= Beginning of Section =

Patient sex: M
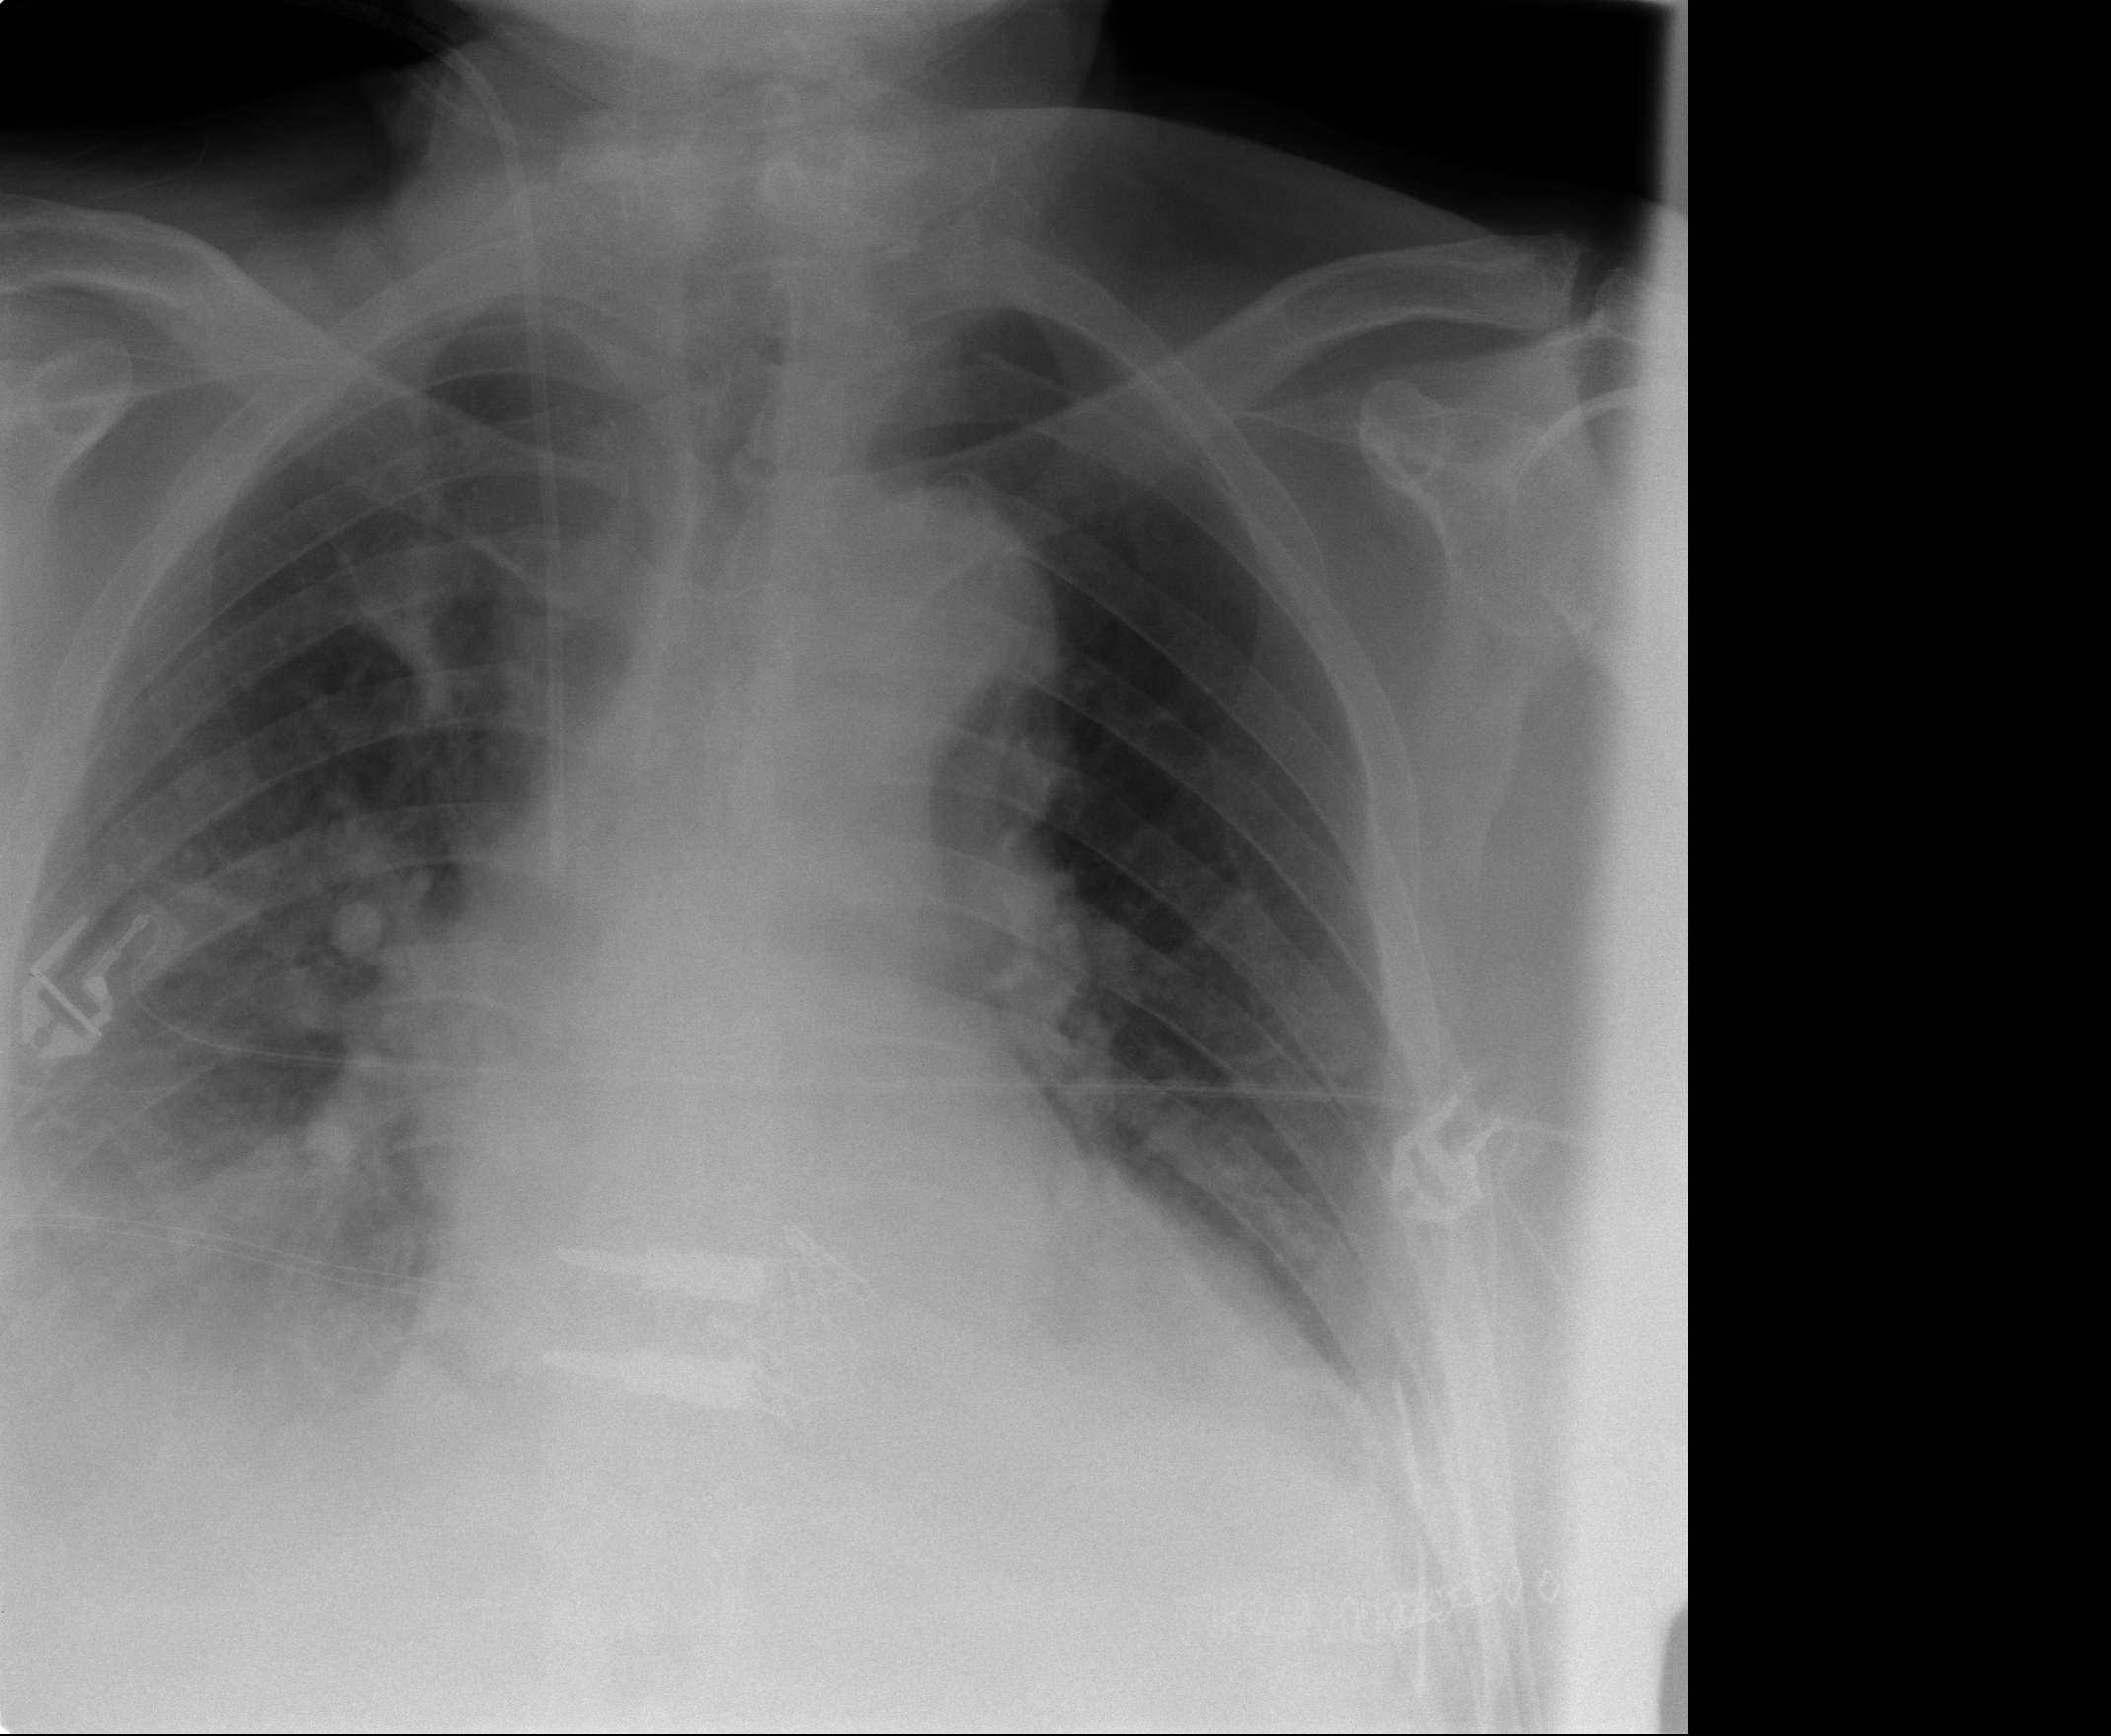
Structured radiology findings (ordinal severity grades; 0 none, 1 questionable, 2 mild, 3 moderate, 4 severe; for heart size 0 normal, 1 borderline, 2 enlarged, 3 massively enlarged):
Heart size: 2
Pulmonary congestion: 2
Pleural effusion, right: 2
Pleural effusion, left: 2
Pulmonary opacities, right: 1
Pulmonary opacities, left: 0
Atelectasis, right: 2
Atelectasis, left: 2

= End of Section =

▶ EXERCISE BRIEF: Pull every line containing "size" out of the material and copy it.

▶ TASK OUTPUT:
Structured radiology findings (ordinal severity grades; 0 none, 1 questionable, 2 mild, 3 moderate, 4 severe; for heart size 0 normal, 1 borderline, 2 enlarged, 3 massively enlarged):
Heart size: 2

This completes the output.